# Exercise directions:
For this exercise, copy the data exactly and omit any images.

# Dataset excerpts:
┄┄┄┄┄┄┄┄┄┄

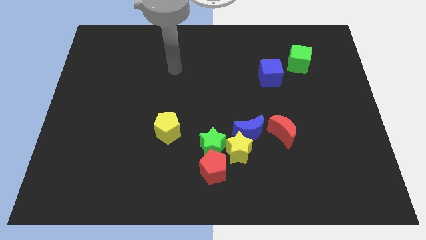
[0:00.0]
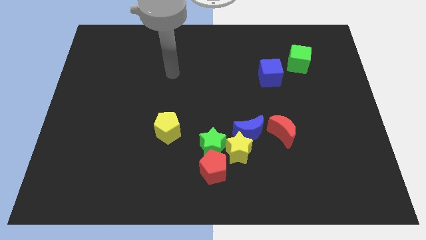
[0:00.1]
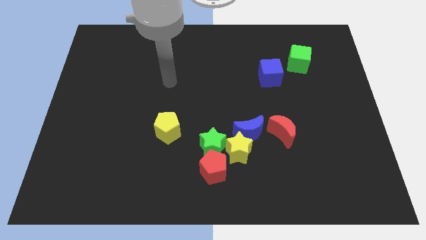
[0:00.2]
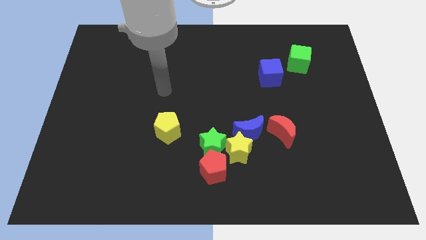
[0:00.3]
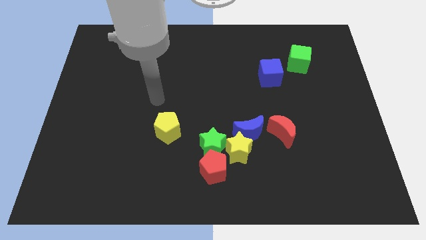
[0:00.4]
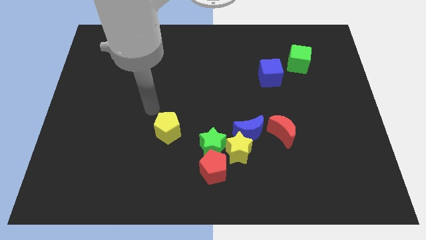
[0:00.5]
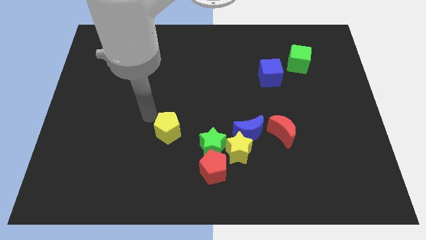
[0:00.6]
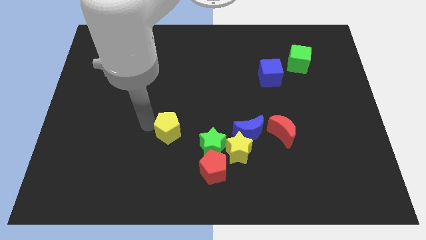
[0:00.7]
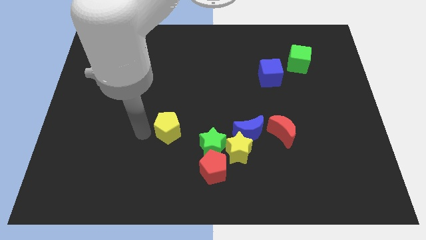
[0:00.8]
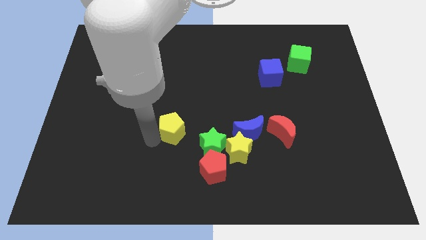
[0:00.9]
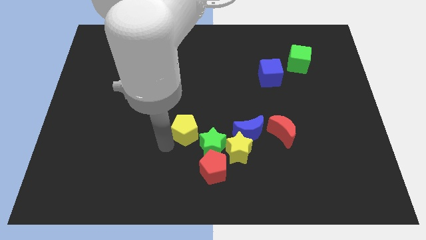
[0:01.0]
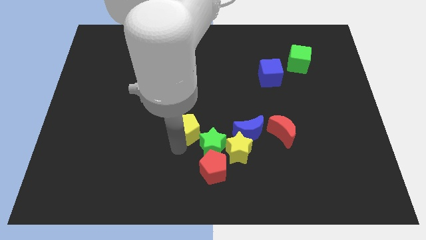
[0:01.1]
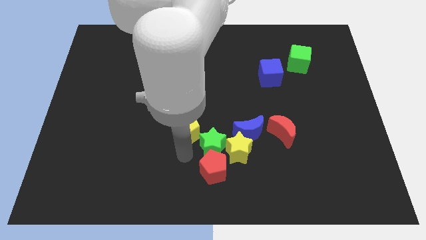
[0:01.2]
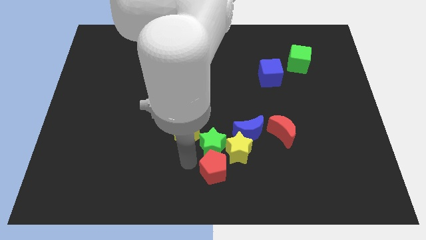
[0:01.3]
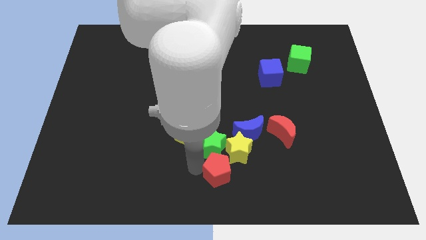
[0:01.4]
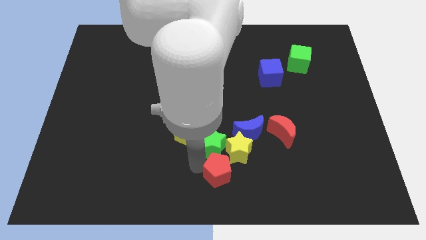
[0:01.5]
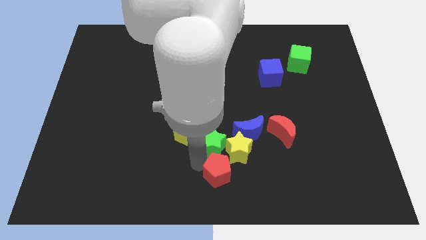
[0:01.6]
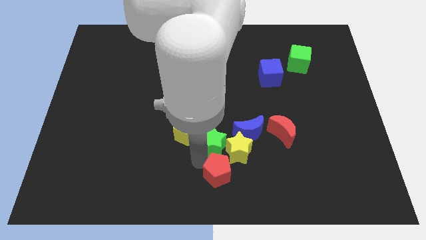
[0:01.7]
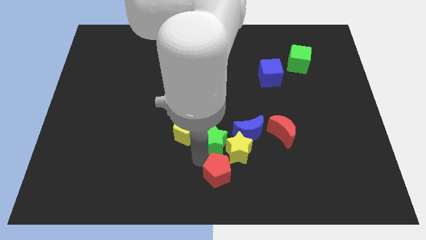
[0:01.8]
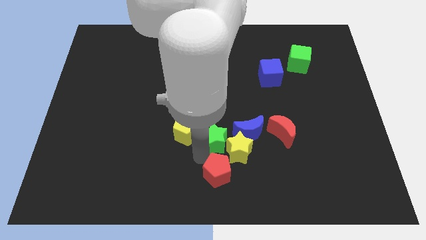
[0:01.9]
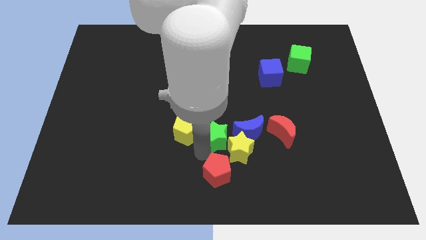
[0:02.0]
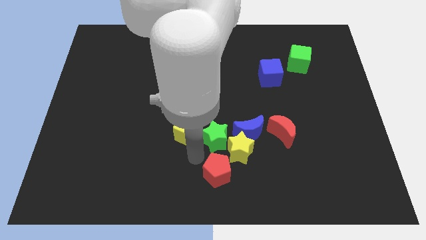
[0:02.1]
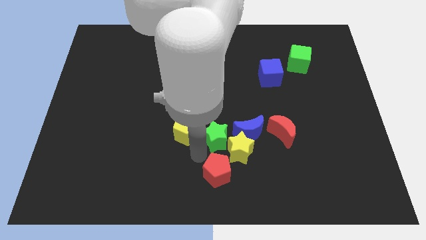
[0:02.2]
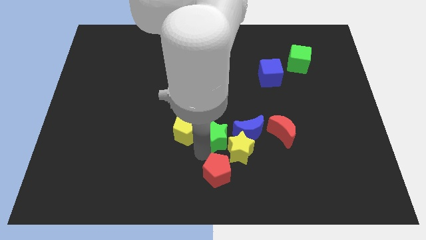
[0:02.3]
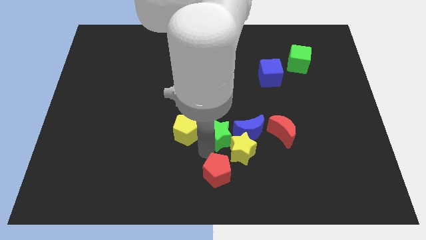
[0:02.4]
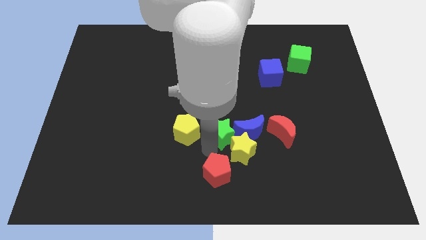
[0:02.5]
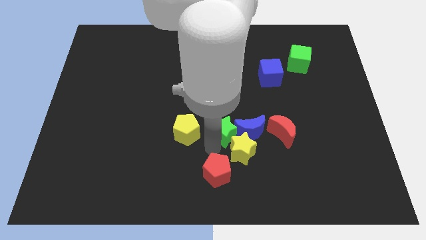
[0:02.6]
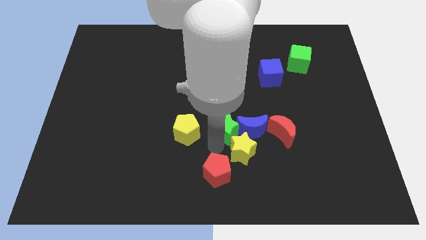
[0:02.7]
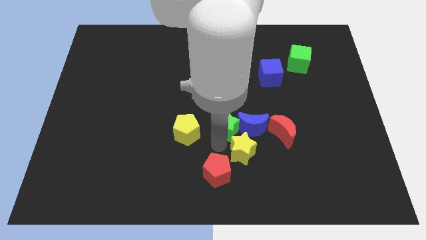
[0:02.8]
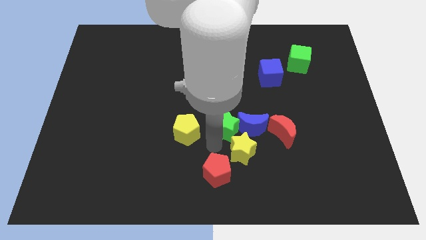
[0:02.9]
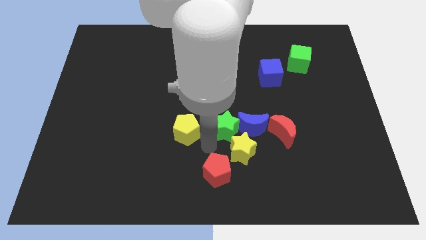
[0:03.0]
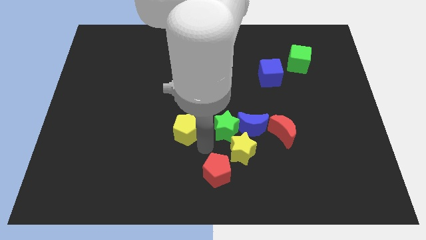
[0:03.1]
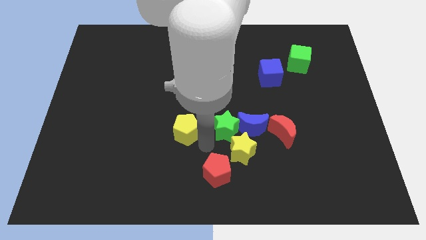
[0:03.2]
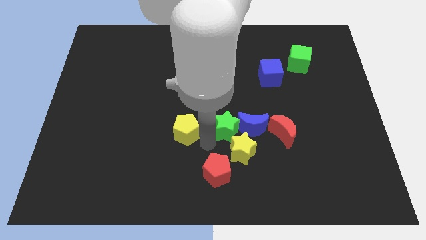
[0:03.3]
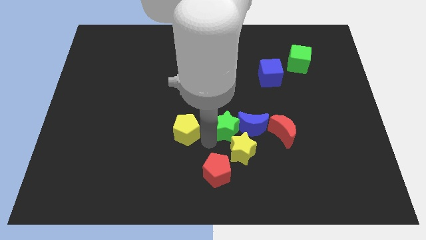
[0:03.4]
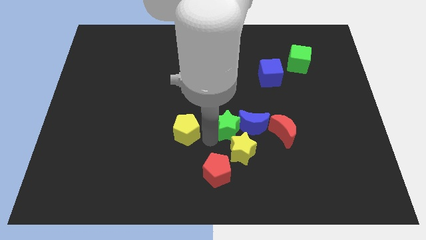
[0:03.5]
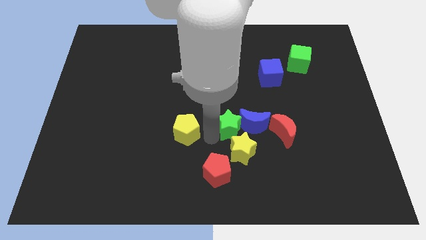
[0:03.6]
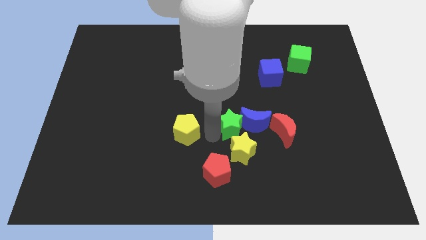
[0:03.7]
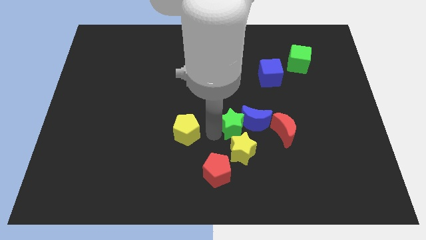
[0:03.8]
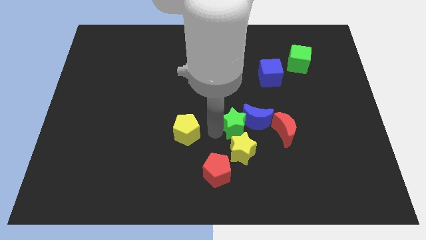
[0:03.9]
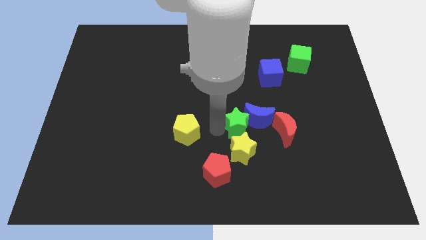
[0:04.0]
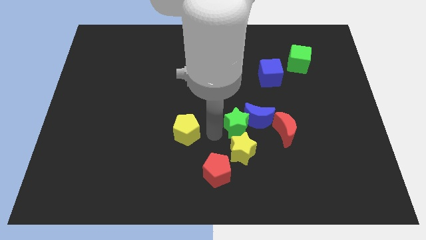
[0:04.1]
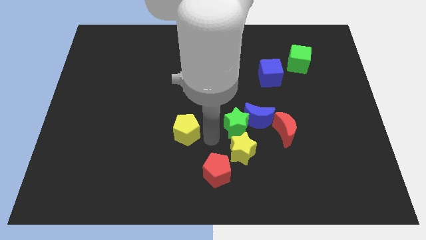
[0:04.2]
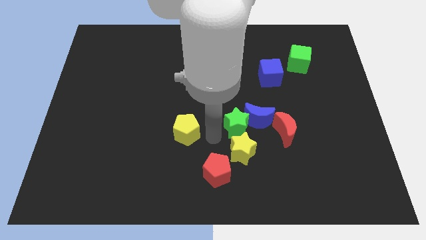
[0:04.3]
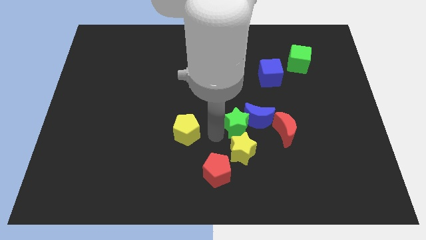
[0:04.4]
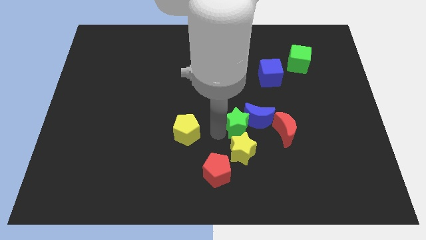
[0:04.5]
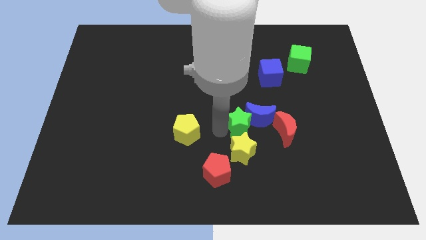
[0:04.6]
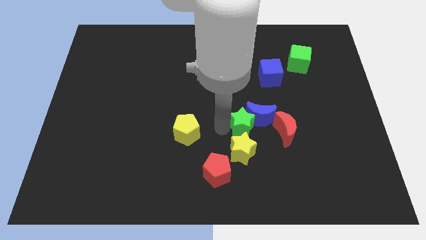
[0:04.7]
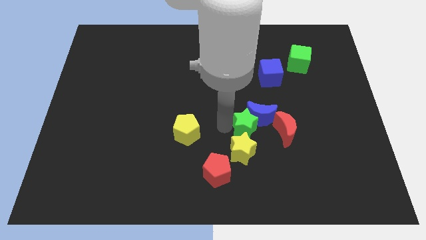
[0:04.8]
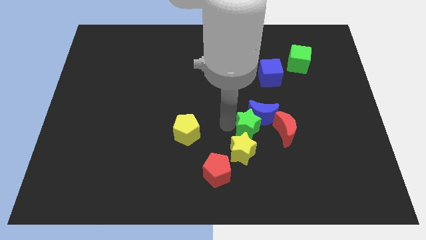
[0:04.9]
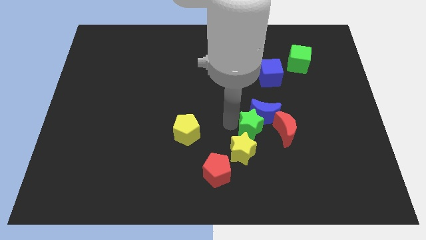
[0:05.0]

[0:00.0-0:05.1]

┄┄┄┄┄┄┄┄┄┄

# Exercise output:
[0:00.0]
[0:00.1]
[0:00.2]
[0:00.3]
[0:00.4]
[0:00.5]
[0:00.6]
[0:00.7]
[0:00.8]
[0:00.9]
[0:01.0]
[0:01.1]
[0:01.2]
[0:01.3]
[0:01.4]
[0:01.5]
[0:01.6]
[0:01.7]
[0:01.8]
[0:01.9]
[0:02.0]
[0:02.1]
[0:02.2]
[0:02.3]
[0:02.4]
[0:02.5]
[0:02.6]
[0:02.7]
[0:02.8]
[0:02.9]
[0:03.0]
[0:03.1]
[0:03.2]
[0:03.3]
[0:03.4]
[0:03.5]
[0:03.6]
[0:03.7]
[0:03.8]
[0:03.9]
[0:04.0]
[0:04.1]
[0:04.2]
[0:04.3]
[0:04.4]
[0:04.5]
[0:04.6]
[0:04.7]
[0:04.8]
[0:04.9]
[0:05.0]

[0:00.0-0:05.1]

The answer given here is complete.